(Beginning of Exercise input)

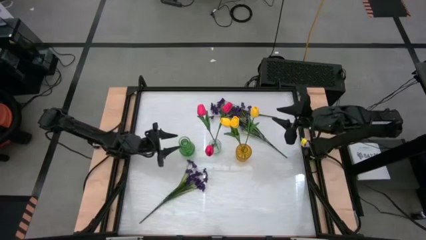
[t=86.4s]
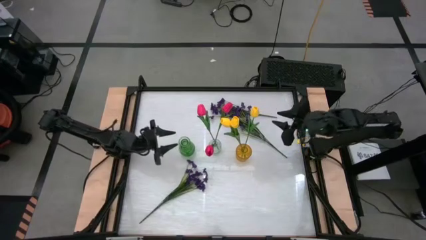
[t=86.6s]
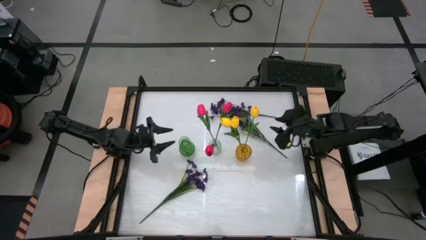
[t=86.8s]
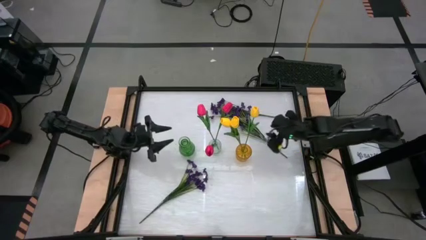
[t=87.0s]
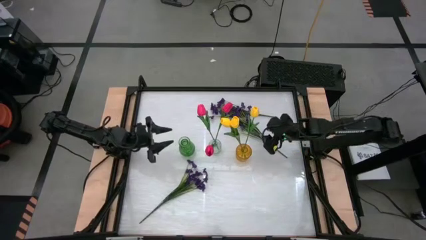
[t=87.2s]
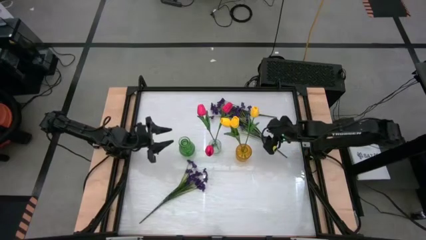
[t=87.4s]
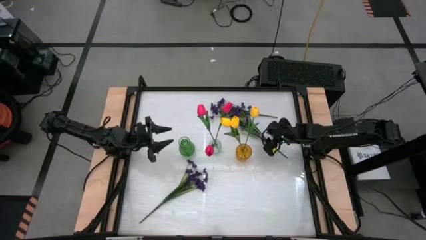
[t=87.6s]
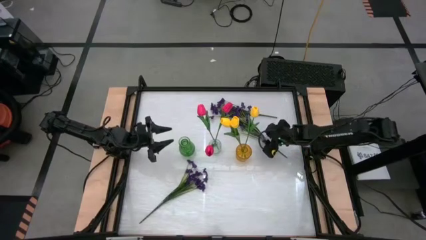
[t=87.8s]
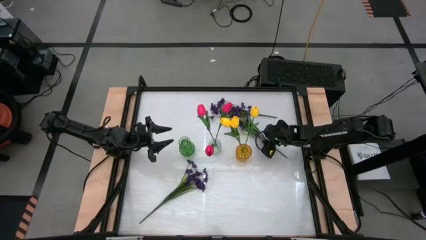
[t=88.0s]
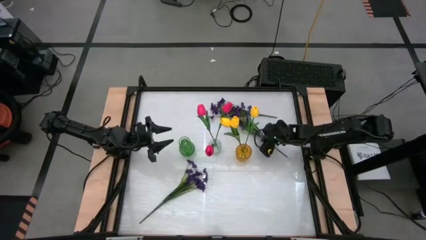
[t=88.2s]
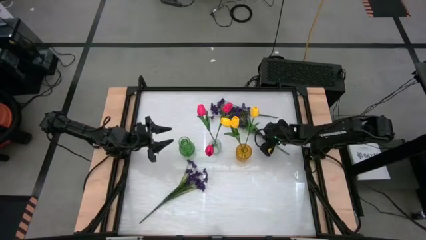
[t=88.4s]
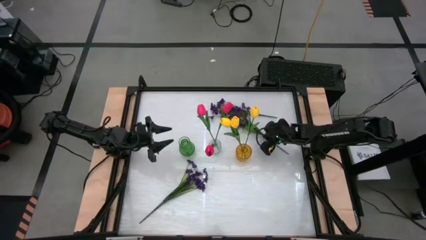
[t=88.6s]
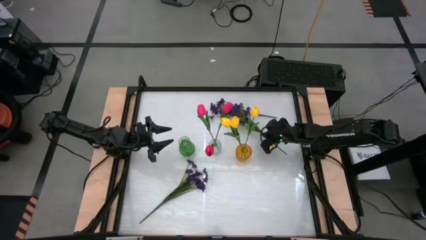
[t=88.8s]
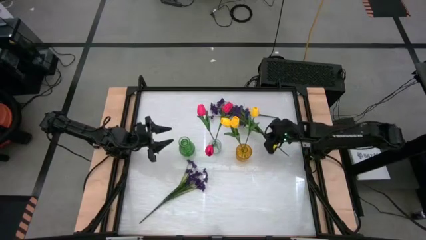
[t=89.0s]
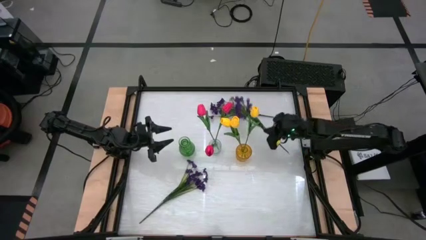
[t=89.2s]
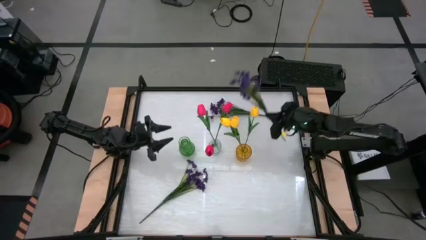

(End of Exercise input)

• **What you are asked to do**
Once the pictures are set aside, write out the entries verbatim.

• **Written reply**
[t=86.4s]
[t=86.6s]
[t=86.8s]
[t=87.0s]
[t=87.2s]
[t=87.4s]
[t=87.6s]
[t=87.8s]
[t=88.0s]
[t=88.2s]
[t=88.4s]
[t=88.6s]
[t=88.8s]
[t=89.0s]
[t=89.2s]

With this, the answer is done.